Task details: Write the entries below out again exactly, but skip the pictures.

Records from a data collection:
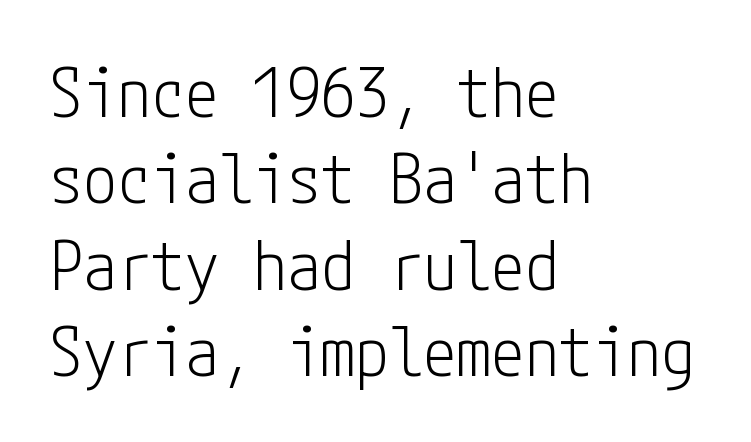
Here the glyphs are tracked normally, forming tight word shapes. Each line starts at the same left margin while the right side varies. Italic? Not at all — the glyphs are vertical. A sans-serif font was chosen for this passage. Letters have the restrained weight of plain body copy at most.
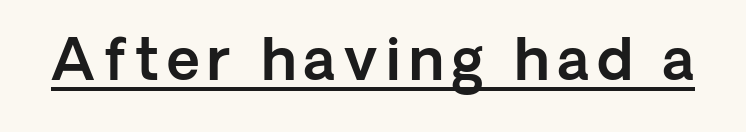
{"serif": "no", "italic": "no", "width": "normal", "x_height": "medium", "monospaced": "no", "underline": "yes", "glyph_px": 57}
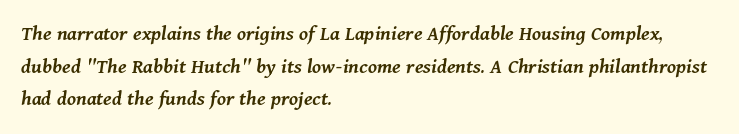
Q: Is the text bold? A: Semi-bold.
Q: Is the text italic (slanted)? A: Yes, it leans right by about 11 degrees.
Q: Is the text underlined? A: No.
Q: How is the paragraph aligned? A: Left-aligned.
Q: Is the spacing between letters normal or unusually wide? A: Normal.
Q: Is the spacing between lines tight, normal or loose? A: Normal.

Result of the exercise:
Here the glyphs are tracked normally, forming tight word shapes. Each line starts at the same left margin while the right side varies. Italic? Not at all — the glyphs are vertical. A sans-serif font was chosen for this passage. Letters have the restrained weight of plain body copy at most.
{"serif": "no", "italic": "no", "width": "normal", "x_height": "medium", "monospaced": "no", "underline": "yes", "glyph_px": 57}
Q: Is the text bold? A: Semi-bold.
Q: Is the text italic (slanted)? A: Yes, it leans right by about 11 degrees.
Q: Is the text underlined? A: No.
Q: How is the paragraph aligned? A: Left-aligned.
Q: Is the spacing between letters normal or unusually wide? A: Normal.
Q: Is the spacing between lines tight, normal or loose? A: Normal.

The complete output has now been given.